With the pictures set aside, write out all of the data exactly as it stands.

START Extracted data

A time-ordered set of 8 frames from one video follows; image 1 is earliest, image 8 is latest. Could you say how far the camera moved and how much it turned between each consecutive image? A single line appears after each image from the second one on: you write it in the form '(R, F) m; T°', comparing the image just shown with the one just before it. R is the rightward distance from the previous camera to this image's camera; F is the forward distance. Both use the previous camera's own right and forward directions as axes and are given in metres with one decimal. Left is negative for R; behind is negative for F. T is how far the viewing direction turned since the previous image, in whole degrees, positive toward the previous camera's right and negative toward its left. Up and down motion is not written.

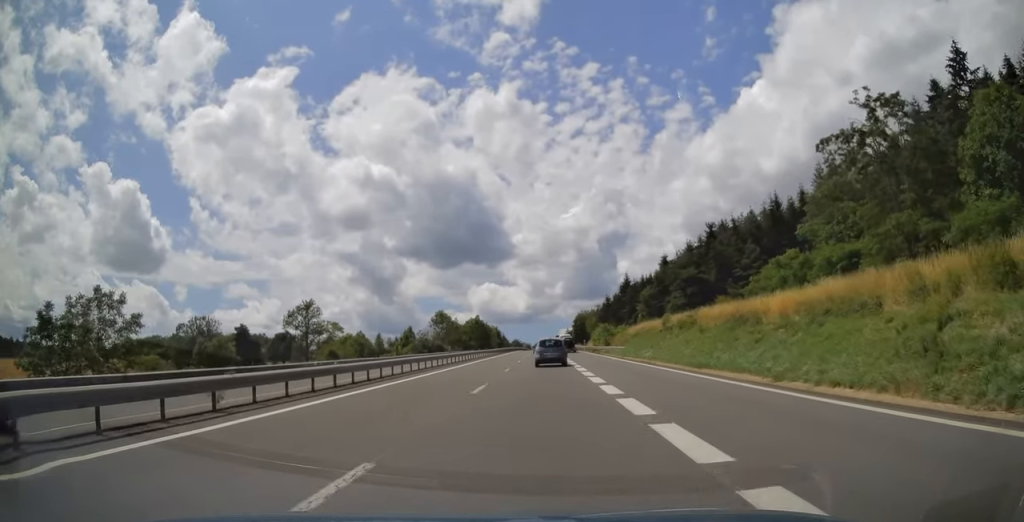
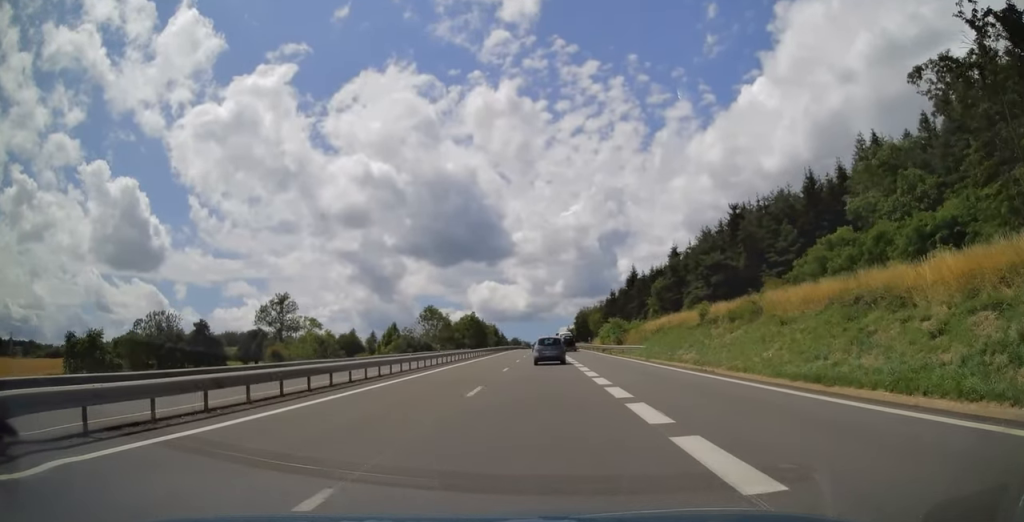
(+0.1, +14.5) m; 0°
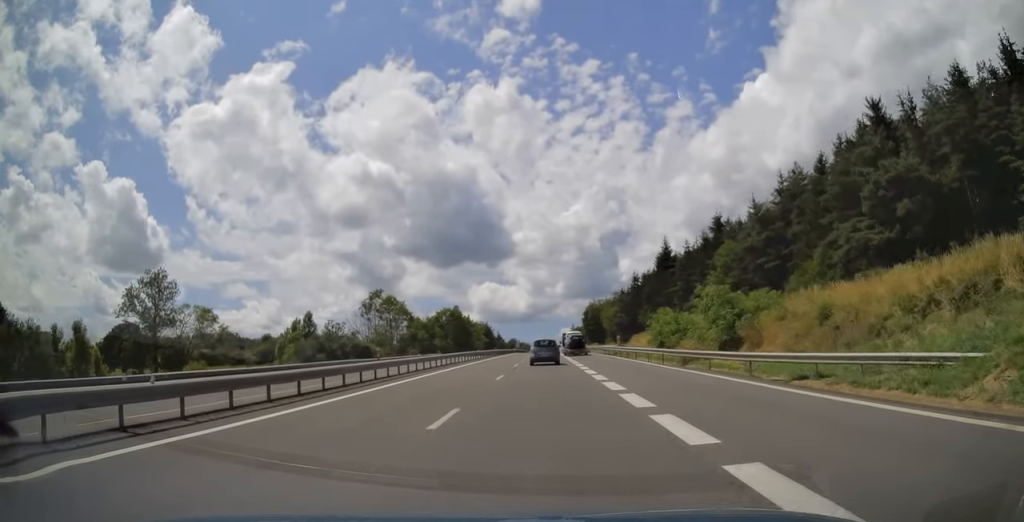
(-0.5, +45.4) m; -1°
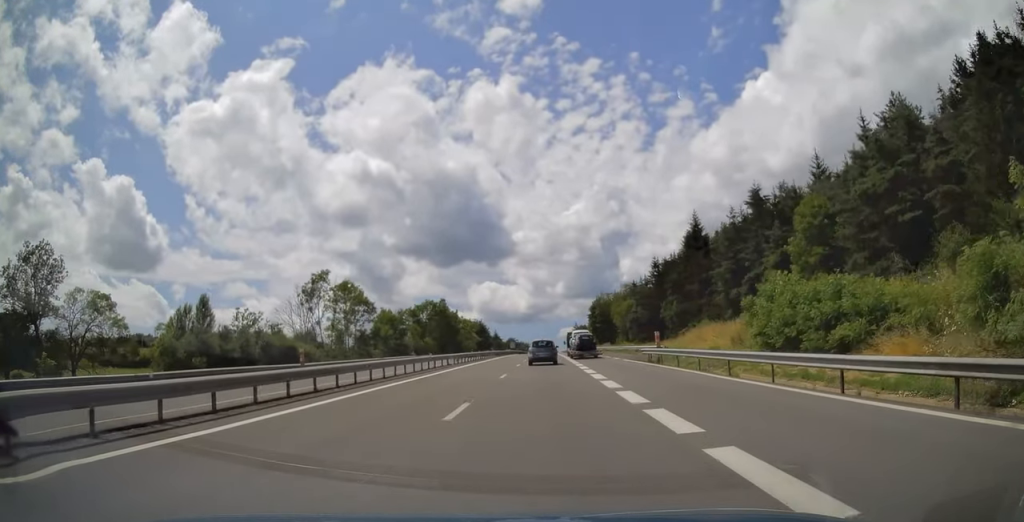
(+0.2, +24.9) m; 0°
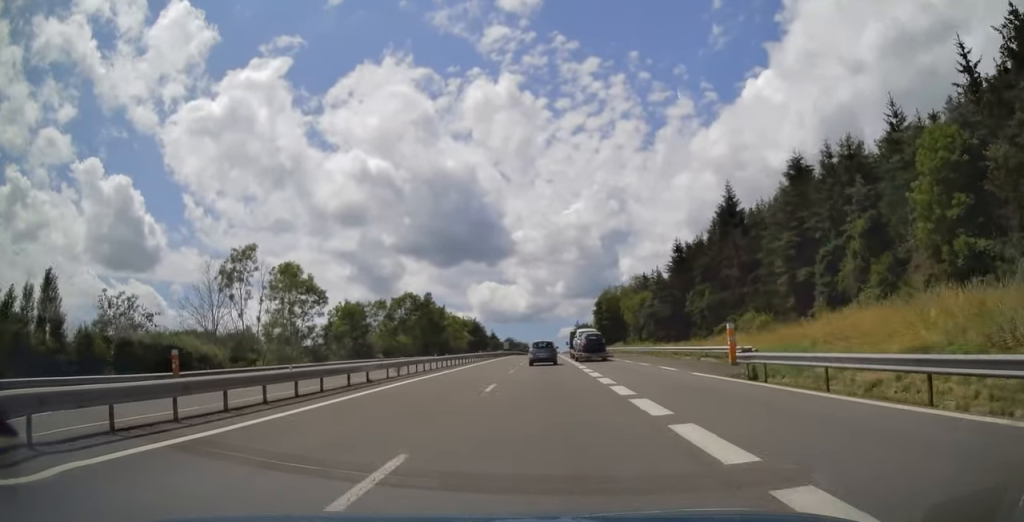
(0.0, +19.5) m; 0°
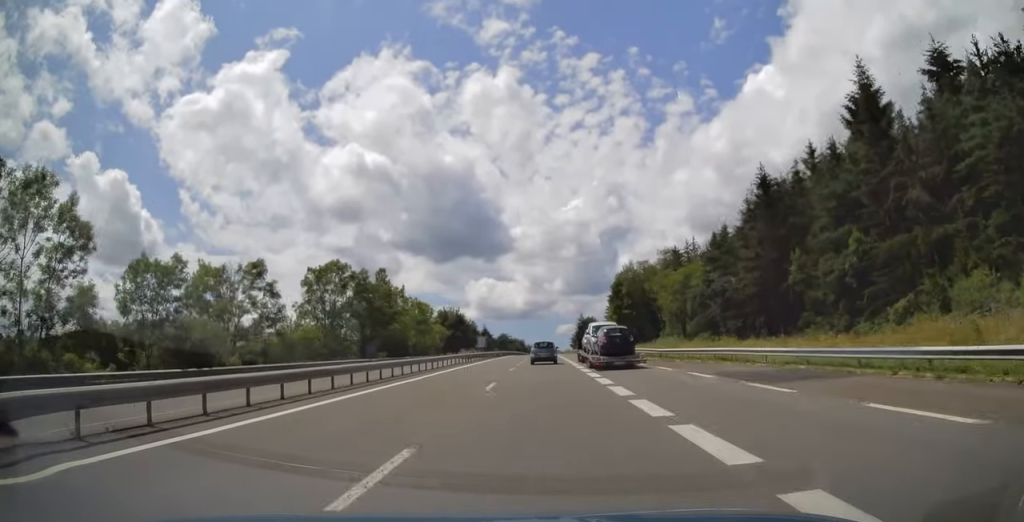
(-0.1, +38.8) m; 0°
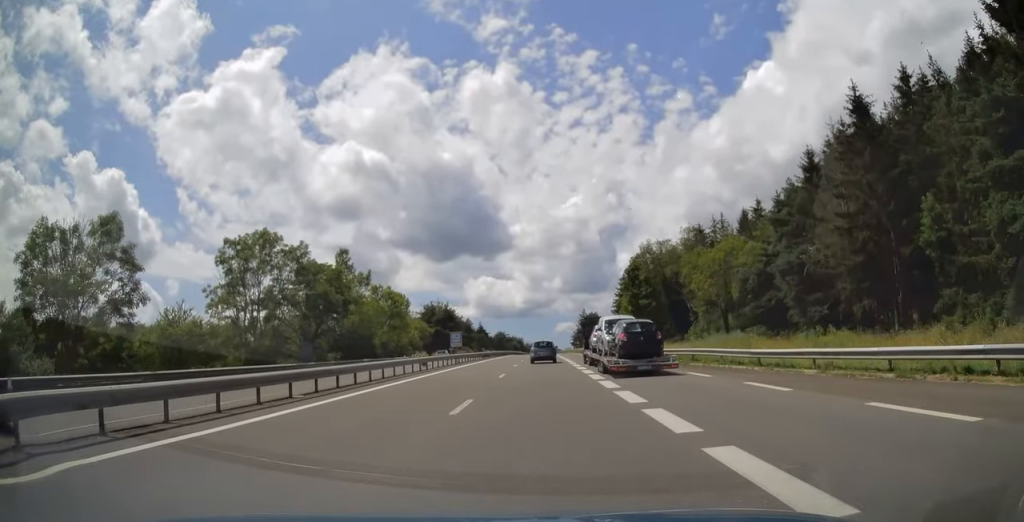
(0.0, +19.3) m; 0°
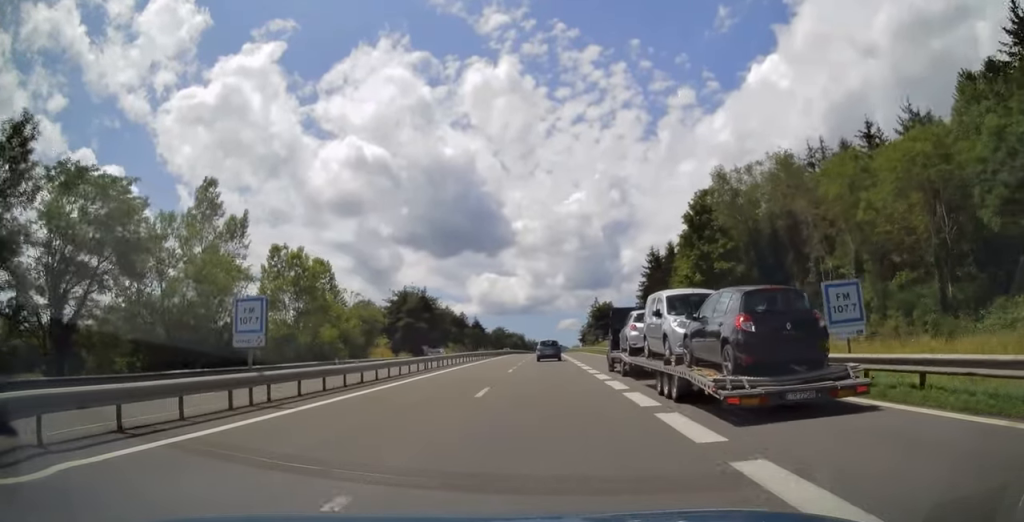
(-0.1, +35.6) m; 0°

END Extracted data

* Worked solution:
A time-ordered set of 8 frames from one video follows; image 1 is earliest, image 8 is latest. Could you say how far the camera moved and how much it turned between each consecutive image? A single line appears after each image from the second one on: you write it in the form '(R, F) m; T°', comparing the image just shown with the one just before it. R is the rightward distance from the previous camera to this image's camera; F is the forward distance. Both use the previous camera's own right and forward directions as axes and are given in metres with one decimal. Left is negative for R; behind is negative for F. T is how far the viewing direction turned since the previous image, in whole degrees, positive toward the previous camera's right and negative toward its left. Up and down motion is not written.

(+0.1, +14.5) m; 0°
(-0.5, +45.4) m; -1°
(+0.2, +24.9) m; 0°
(0.0, +19.5) m; 0°
(-0.1, +38.8) m; 0°
(0.0, +19.3) m; 0°
(-0.1, +35.6) m; 0°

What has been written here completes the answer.